*PROBLEM TO SOLVE*. Each entry needs to be copied exactly, with nothing left out.

*Stored data entries*.

——————

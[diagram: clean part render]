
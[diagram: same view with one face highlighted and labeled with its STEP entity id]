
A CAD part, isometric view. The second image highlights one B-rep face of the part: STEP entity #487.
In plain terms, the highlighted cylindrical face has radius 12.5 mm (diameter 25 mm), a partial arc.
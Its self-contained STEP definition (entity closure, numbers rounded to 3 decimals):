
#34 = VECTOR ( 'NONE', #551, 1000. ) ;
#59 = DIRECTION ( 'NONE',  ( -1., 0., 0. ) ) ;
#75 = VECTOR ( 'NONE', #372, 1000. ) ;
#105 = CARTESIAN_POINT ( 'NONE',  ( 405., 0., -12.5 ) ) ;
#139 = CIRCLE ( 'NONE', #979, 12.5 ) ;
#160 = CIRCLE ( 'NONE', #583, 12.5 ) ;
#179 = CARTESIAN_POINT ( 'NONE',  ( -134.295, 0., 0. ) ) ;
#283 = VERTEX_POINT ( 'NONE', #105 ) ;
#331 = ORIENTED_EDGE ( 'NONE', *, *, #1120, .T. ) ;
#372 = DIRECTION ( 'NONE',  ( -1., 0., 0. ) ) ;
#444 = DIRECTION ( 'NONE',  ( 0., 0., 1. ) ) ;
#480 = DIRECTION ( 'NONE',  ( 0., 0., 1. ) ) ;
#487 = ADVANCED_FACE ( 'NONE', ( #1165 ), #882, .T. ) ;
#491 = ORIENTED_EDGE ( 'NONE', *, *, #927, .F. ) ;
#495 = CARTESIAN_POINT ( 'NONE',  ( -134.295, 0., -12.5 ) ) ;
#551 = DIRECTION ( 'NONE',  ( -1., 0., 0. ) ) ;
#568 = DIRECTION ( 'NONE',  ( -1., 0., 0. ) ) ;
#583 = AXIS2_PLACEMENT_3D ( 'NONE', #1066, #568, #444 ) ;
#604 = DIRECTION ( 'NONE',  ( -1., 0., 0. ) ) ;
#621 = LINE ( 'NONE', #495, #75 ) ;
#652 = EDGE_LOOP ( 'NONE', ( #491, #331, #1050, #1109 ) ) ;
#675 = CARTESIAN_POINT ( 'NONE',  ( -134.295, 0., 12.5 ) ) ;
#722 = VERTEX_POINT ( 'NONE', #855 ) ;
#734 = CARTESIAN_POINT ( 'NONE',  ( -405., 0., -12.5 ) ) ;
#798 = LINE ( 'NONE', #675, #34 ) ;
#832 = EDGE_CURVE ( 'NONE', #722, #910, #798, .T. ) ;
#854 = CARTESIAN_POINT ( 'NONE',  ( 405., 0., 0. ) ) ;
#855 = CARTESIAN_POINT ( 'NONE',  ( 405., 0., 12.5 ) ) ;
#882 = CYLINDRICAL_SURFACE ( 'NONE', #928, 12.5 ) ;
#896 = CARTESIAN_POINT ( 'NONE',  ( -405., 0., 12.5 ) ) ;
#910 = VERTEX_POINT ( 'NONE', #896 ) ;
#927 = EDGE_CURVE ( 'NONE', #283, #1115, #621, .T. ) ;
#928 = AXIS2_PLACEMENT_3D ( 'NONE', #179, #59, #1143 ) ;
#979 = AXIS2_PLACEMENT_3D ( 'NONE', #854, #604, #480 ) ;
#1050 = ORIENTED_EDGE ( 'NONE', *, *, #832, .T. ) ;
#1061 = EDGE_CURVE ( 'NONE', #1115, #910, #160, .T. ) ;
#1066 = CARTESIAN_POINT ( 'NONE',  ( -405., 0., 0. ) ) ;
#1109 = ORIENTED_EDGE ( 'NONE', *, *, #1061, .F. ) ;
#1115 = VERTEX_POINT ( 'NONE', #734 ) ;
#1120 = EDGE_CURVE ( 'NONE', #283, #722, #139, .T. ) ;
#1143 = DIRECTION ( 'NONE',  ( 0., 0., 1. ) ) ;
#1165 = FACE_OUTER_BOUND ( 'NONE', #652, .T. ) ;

——————

*YOUR RESPONSE*.
[diagram: clean part render]
[diagram: same view with one face highlighted and labeled with its STEP entity id]
A CAD part, isometric view. The second image highlights one B-rep face of the part: STEP entity #487.
In plain terms, the highlighted cylindrical face has radius 12.5 mm (diameter 25 mm), a partial arc.
Its self-contained STEP definition (entity closure, numbers rounded to 3 decimals):
#34 = VECTOR ( 'NONE', #551, 1000. ) ;
#59 = DIRECTION ( 'NONE',  ( -1., 0., 0. ) ) ;
#75 = VECTOR ( 'NONE', #372, 1000. ) ;
#105 = CARTESIAN_POINT ( 'NONE',  ( 405., 0., -12.5 ) ) ;
#139 = CIRCLE ( 'NONE', #979, 12.5 ) ;
#160 = CIRCLE ( 'NONE', #583, 12.5 ) ;
#179 = CARTESIAN_POINT ( 'NONE',  ( -134.295, 0., 0. ) ) ;
#283 = VERTEX_POINT ( 'NONE', #105 ) ;
#331 = ORIENTED_EDGE ( 'NONE', *, *, #1120, .T. ) ;
#372 = DIRECTION ( 'NONE',  ( -1., 0., 0. ) ) ;
#444 = DIRECTION ( 'NONE',  ( 0., 0., 1. ) ) ;
#480 = DIRECTION ( 'NONE',  ( 0., 0., 1. ) ) ;
#487 = ADVANCED_FACE ( 'NONE', ( #1165 ), #882, .T. ) ;
#491 = ORIENTED_EDGE ( 'NONE', *, *, #927, .F. ) ;
#495 = CARTESIAN_POINT ( 'NONE',  ( -134.295, 0., -12.5 ) ) ;
#551 = DIRECTION ( 'NONE',  ( -1., 0., 0. ) ) ;
#568 = DIRECTION ( 'NONE',  ( -1., 0., 0. ) ) ;
#583 = AXIS2_PLACEMENT_3D ( 'NONE', #1066, #568, #444 ) ;
#604 = DIRECTION ( 'NONE',  ( -1., 0., 0. ) ) ;
#621 = LINE ( 'NONE', #495, #75 ) ;
#652 = EDGE_LOOP ( 'NONE', ( #491, #331, #1050, #1109 ) ) ;
#675 = CARTESIAN_POINT ( 'NONE',  ( -134.295, 0., 12.5 ) ) ;
#722 = VERTEX_POINT ( 'NONE', #855 ) ;
#734 = CARTESIAN_POINT ( 'NONE',  ( -405., 0., -12.5 ) ) ;
#798 = LINE ( 'NONE', #675, #34 ) ;
#832 = EDGE_CURVE ( 'NONE', #722, #910, #798, .T. ) ;
#854 = CARTESIAN_POINT ( 'NONE',  ( 405., 0., 0. ) ) ;
#855 = CARTESIAN_POINT ( 'NONE',  ( 405., 0., 12.5 ) ) ;
#882 = CYLINDRICAL_SURFACE ( 'NONE', #928, 12.5 ) ;
#896 = CARTESIAN_POINT ( 'NONE',  ( -405., 0., 12.5 ) ) ;
#910 = VERTEX_POINT ( 'NONE', #896 ) ;
#927 = EDGE_CURVE ( 'NONE', #283, #1115, #621, .T. ) ;
#928 = AXIS2_PLACEMENT_3D ( 'NONE', #179, #59, #1143 ) ;
#979 = AXIS2_PLACEMENT_3D ( 'NONE', #854, #604, #480 ) ;
#1050 = ORIENTED_EDGE ( 'NONE', *, *, #832, .T. ) ;
#1061 = EDGE_CURVE ( 'NONE', #1115, #910, #160, .T. ) ;
#1066 = CARTESIAN_POINT ( 'NONE',  ( -405., 0., 0. ) ) ;
#1109 = ORIENTED_EDGE ( 'NONE', *, *, #1061, .F. ) ;
#1115 = VERTEX_POINT ( 'NONE', #734 ) ;
#1120 = EDGE_CURVE ( 'NONE', #283, #722, #139, .T. ) ;
#1143 = DIRECTION ( 'NONE',  ( 0., 0., 1. ) ) ;
#1165 = FACE_OUTER_BOUND ( 'NONE', #652, .T. ) ;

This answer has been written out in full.